There could be four possible reasons. First, the HFFCMRR data were calculated both online and offline, whereas the big data was collected solely from online data search of NVS. Second, red ginseng had a market price 2–3 times higher than that of probiotics. This is because the actual market size was calculated based on the sales price, whereas online search volume accounted for searches by word, regardless of the actual price. Third, the shopping search data and category classification of NV is still in progress. When data were obtained through the actual API, only the data since 2018 responded normally in all areas. For the 2018 data, the search volume was displayed as “0” due to the late category classification. Finally, the HFF sold in the HFF category included not only KFDA-certified foods, but also foods that contain non-licensed functional ingredients sold in a significant amount.

The establishment of increasingly sophisticated and refined databases over time could potentially address these problems. With this evidence, the share of major health supplements, compared to HFF in the NVS data, were 29.72%, 41.87%, and 43.16% in 2018, 2019, and 2020, respectively, closing the gap with the 66% actual share in the HFFCMRR data. In other words, there was visible progress in data enhancement.

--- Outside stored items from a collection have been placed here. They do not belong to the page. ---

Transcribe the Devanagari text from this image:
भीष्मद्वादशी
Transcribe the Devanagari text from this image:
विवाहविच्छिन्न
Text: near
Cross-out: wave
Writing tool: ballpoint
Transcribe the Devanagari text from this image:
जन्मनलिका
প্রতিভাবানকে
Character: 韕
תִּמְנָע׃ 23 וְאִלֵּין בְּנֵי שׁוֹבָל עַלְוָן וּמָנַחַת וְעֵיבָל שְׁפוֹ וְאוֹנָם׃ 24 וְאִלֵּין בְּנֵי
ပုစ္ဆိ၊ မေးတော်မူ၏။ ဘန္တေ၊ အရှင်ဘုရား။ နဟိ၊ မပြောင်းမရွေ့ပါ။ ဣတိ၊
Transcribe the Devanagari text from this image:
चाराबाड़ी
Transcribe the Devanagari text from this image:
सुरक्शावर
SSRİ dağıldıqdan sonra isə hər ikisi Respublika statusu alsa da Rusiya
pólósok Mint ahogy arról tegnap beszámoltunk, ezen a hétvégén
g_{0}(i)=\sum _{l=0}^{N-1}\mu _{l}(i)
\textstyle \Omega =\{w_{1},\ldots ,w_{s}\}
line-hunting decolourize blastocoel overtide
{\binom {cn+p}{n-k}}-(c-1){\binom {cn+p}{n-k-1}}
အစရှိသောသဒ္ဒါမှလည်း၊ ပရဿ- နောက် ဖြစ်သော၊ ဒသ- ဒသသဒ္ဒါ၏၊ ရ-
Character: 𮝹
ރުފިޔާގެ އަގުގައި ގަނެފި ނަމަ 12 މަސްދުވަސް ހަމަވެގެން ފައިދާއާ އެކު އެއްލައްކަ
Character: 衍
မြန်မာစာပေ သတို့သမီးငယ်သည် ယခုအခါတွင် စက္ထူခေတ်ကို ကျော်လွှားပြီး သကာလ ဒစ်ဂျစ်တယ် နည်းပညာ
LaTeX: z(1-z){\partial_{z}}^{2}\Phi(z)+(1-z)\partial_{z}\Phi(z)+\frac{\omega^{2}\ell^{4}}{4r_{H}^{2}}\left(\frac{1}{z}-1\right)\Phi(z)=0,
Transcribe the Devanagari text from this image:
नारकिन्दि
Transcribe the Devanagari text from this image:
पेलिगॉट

In the correlation analysis using HFF functionality, vitamins and probiotics exhibited a high positive correlation, whereas red ginseng and DHAs showed a negative correlation. Similar to the previous situation, it seemed that the trend would increase consistently over time. Further, when analyzing the trend in the HFFCMRR data, red ginseng deceased from KRW 1.50 trillion in 2018 to KRW 1.43 trillion in 2020, compared to the increase in the amount of red ginseng searches in online search volume from 0.83% in 2018 to 1.38% in 2020. In terms of probiotics, the HFFCMRR data increased from KRW 0.54 trillion in 2018 to KRW 0.88 trillion in 2020. The online search volume for red ginseng also displayed an overwhelming increase from 0.12% in 2018 to 2.13% in 2020. The significant increase in the degree of interest has been evident in Korea.

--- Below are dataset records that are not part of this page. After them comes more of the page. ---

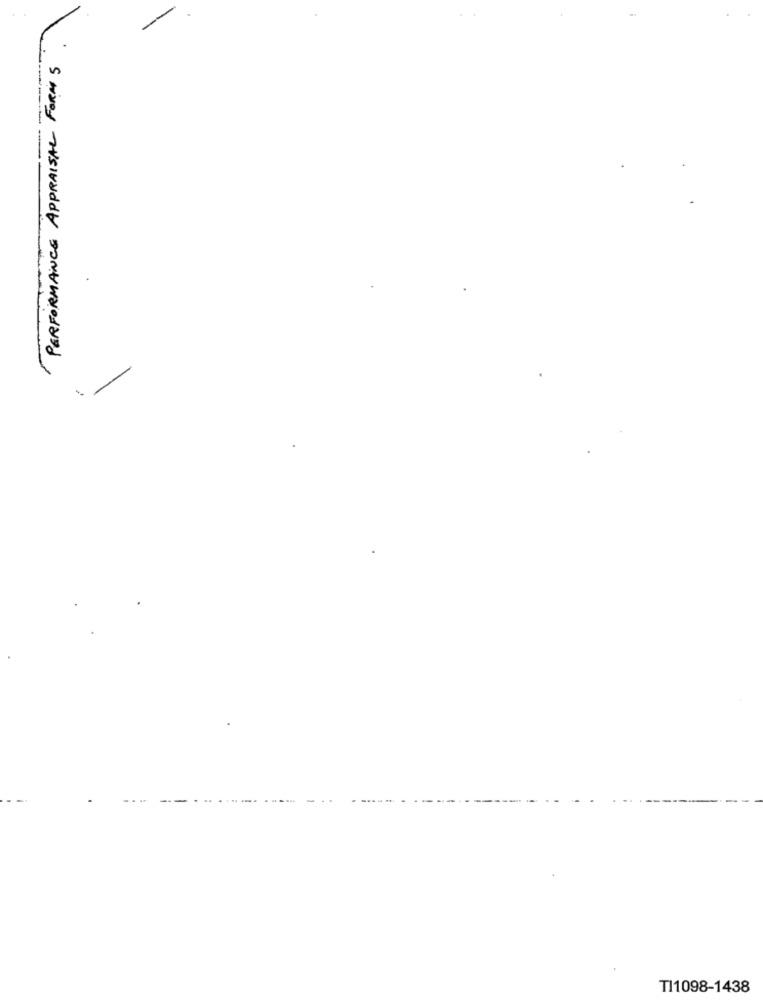
PERFORMANCE APPRAISAL FORMS
TI1098-1438
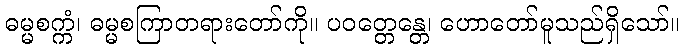
ဓမ္မစက္ကံ၊ ဓမ္မစကြာတရားတော်ကို။ ပဝတ္တေန္တေ၊ ဟောတော်မူသည်ရှိသော်။
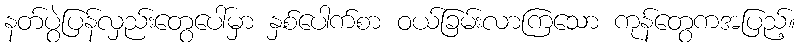
နတ်ပွဲပြန်လှည်းတွေပေါ်မှာ နှစ်ပေါက်စာ ဝယ်ခြမ်းလာကြသော ကုန်တွေကအပြည့်။
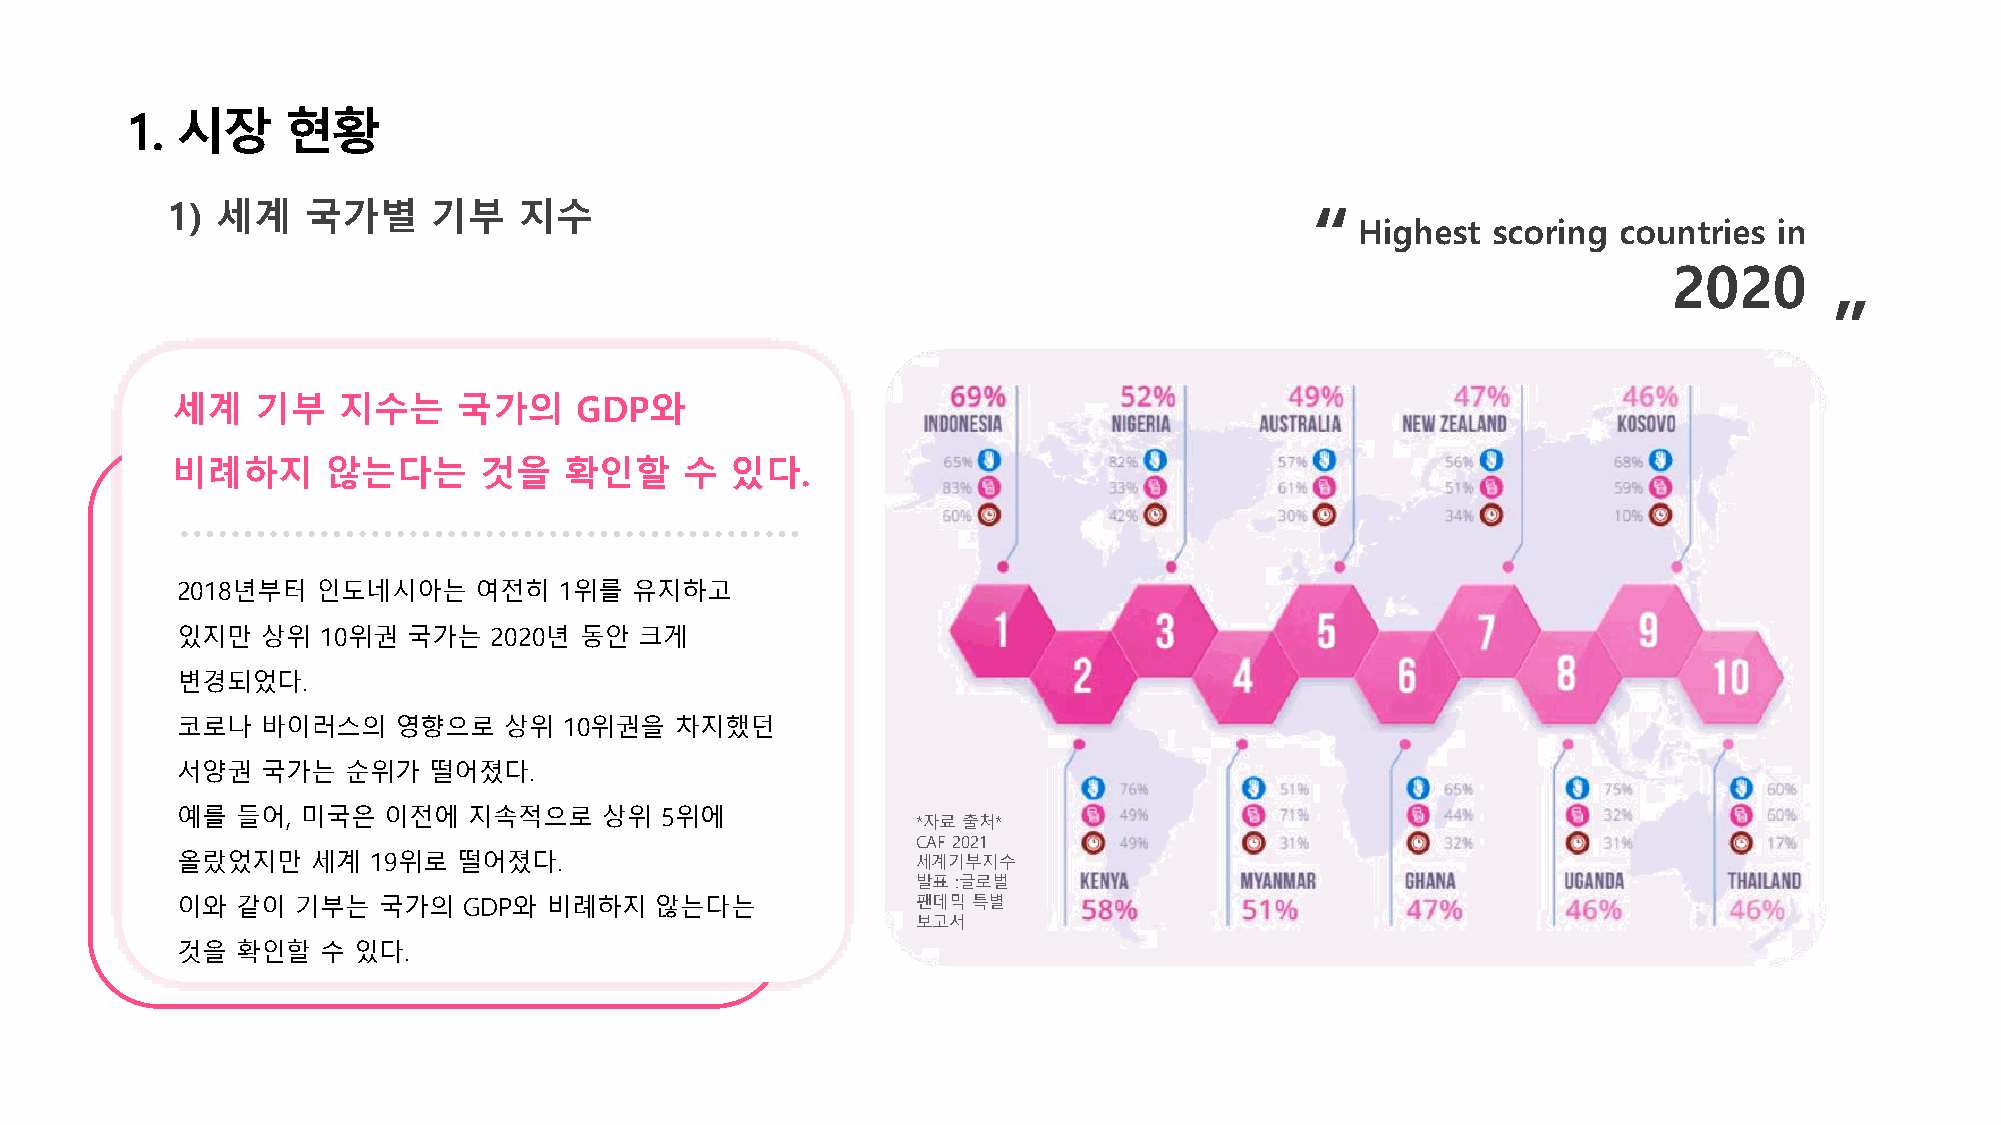
1.  시장     현황
 1) 세계    국가별     기부    지수                                                   “
 Highest  scoring countries  in
 2020
 ”
 세계    기부   지수는     국가의     GDP와
 비례하지       않는다는      것을   확인할     수  있다.
 2018년부터  인도네시아는    여전히   1위를  유지하고
 있지만  상위  10위권  국가는  2020년 동안  크게
 변경되었다.
 코로나  바이러스의    영향으로   상위  10위권을   차지했던
 서양권  국가는   순위가  떨어졌다.
 예를  들어, 미국은  이전에   지속적으로    상위  5위에
 *자료출처*
 CAF 2021
 올랐었지만    세계  19위로 떨어졌다.                          세계기부지수
 발표:글로벌
 이와  같이  기부는  국가의   GDP와 비례하지   않는다는              팬데믹특별
 보고서
 것을  확인할  수 있다.

Trend analysis and search rate of major functional ingredients in 2020

Figure 3B provides a boxplot of the dietary supplement search ratios from January to December 2020. Red ginseng was 1.38%, probiotics was 2.13%, multivitamin was 0.95%, vitamins were 0.94%, and DHAs was 0.97%. The outlier values in the boxplot can be explained by referring to the time series graph in Fig. 5. A close look at the graph reveals a large search volume at a specific time. As the search volume exploded on the 20th and 267th days of 2020, many outliers occurred, which coincides with the Korean New Year and Korean Thanksgiving Day, the major Korean holidays. Since the search volume does not reflect the volume of purchases, red ginseng, traditionally the top-selling item in HFF, is far behind probiotics in terms of average value; however, it can be calculated by reflecting the Upper Specification Limit (USL), considering the deviation. The conversion results were 2.12% for red ginseng, 2.49% for probiotics, 1.10% for multivitamins, 1.29% for vitamins, and 1.28% for DHAs.

Fig. 5
figure 5

The time series graph of red ginseng search rate in 2020

In conclusion, the results indicated that the real-time prediction of the HFF market is possible through big data provided by portal sites. However, the results confirmed that category enhancements and product classifications remain insufficient. Sakar et al. (2019) suggested a method to predict online shoppers' purchase intentions in real time using big data and artificial intelligence based on deep learning. Although this study employed NV's shopping search API, it appears to be insufficient as a research method due to lack of historical data. Nevertheless, with the establishment of reliable databases, these problems should diminish in the future. Interesting research results can then be obtained at regular intervals. From the results of the present study, other domestic and foreign portals are likely to introduce APIs, and research on various topics is expected to be active in the food industry in the future.